--- Supplied data Enclosed Below ---

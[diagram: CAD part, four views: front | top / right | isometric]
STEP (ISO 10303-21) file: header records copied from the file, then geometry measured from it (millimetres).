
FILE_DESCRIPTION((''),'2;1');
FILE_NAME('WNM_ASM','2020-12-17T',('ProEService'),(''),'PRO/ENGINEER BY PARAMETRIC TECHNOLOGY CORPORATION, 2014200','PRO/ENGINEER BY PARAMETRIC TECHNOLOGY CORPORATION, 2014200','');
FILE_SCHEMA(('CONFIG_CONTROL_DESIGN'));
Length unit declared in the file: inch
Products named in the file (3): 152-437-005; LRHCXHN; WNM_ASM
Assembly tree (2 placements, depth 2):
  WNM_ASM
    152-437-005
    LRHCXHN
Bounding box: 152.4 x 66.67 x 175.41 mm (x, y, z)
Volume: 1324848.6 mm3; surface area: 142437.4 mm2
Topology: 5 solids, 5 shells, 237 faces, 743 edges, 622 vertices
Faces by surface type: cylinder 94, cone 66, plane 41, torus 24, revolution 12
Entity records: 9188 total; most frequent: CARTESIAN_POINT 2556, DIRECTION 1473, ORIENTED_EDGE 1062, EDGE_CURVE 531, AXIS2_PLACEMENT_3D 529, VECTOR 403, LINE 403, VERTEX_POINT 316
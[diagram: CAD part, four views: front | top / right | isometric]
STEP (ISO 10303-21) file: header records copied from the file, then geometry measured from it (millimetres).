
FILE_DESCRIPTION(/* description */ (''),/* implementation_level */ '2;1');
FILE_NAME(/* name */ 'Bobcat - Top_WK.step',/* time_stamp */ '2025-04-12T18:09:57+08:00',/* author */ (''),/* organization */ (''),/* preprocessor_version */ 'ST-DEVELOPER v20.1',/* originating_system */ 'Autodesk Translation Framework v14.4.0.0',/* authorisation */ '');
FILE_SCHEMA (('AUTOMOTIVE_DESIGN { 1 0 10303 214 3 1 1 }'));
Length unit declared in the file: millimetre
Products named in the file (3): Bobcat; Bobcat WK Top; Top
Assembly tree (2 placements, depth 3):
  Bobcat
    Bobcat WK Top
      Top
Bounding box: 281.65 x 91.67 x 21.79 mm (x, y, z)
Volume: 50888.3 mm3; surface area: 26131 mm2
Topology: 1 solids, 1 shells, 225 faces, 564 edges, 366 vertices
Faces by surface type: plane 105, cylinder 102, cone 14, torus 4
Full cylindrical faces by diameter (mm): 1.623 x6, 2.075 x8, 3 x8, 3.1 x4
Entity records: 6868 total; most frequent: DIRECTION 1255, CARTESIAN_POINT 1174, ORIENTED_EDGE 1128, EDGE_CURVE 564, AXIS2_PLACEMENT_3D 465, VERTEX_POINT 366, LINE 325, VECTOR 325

--- End of Enclosed Supplied data ---

Having gone through the data above, repeat it exactly.

→ Response to this exercise
[diagram: CAD part, four views: front | top / right | isometric]
STEP (ISO 10303-21) file: header records copied from the file, then geometry measured from it (millimetres).
FILE_DESCRIPTION((''),'2;1');
FILE_NAME('WNM_ASM','2020-12-17T',('ProEService'),(''),'PRO/ENGINEER BY PARAMETRIC TECHNOLOGY CORPORATION, 2014200','PRO/ENGINEER BY PARAMETRIC TECHNOLOGY CORPORATION, 2014200','');
FILE_SCHEMA(('CONFIG_CONTROL_DESIGN'));
Length unit declared in the file: inch
Products named in the file (3): 152-437-005; LRHCXHN; WNM_ASM
Assembly tree (2 placements, depth 2):
  WNM_ASM
    152-437-005
    LRHCXHN
Bounding box: 152.4 x 66.67 x 175.41 mm (x, y, z)
Volume: 1324848.6 mm3; surface area: 142437.4 mm2
Topology: 5 solids, 5 shells, 237 faces, 743 edges, 622 vertices
Faces by surface type: cylinder 94, cone 66, plane 41, torus 24, revolution 12
Entity records: 9188 total; most frequent: CARTESIAN_POINT 2556, DIRECTION 1473, ORIENTED_EDGE 1062, EDGE_CURVE 531, AXIS2_PLACEMENT_3D 529, VECTOR 403, LINE 403, VERTEX_POINT 316
[diagram: CAD part, four views: front | top / right | isometric]
STEP (ISO 10303-21) file: header records copied from the file, then geometry measured from it (millimetres).
FILE_DESCRIPTION(/* description */ (''),/* implementation_level */ '2;1');
FILE_NAME(/* name */ 'Bobcat - Top_WK.step',/* time_stamp */ '2025-04-12T18:09:57+08:00',/* author */ (''),/* organization */ (''),/* preprocessor_version */ 'ST-DEVELOPER v20.1',/* originating_system */ 'Autodesk Translation Framework v14.4.0.0',/* authorisation */ '');
FILE_SCHEMA (('AUTOMOTIVE_DESIGN { 1 0 10303 214 3 1 1 }'));
Length unit declared in the file: millimetre
Products named in the file (3): Bobcat; Bobcat WK Top; Top
Assembly tree (2 placements, depth 3):
  Bobcat
    Bobcat WK Top
      Top
Bounding box: 281.65 x 91.67 x 21.79 mm (x, y, z)
Volume: 50888.3 mm3; surface area: 26131 mm2
Topology: 1 solids, 1 shells, 225 faces, 564 edges, 366 vertices
Faces by surface type: plane 105, cylinder 102, cone 14, torus 4
Full cylindrical faces by diameter (mm): 1.623 x6, 2.075 x8, 3 x8, 3.1 x4
Entity records: 6868 total; most frequent: DIRECTION 1255, CARTESIAN_POINT 1174, ORIENTED_EDGE 1128, EDGE_CURVE 564, AXIS2_PLACEMENT_3D 465, VERTEX_POINT 366, LINE 325, VECTOR 325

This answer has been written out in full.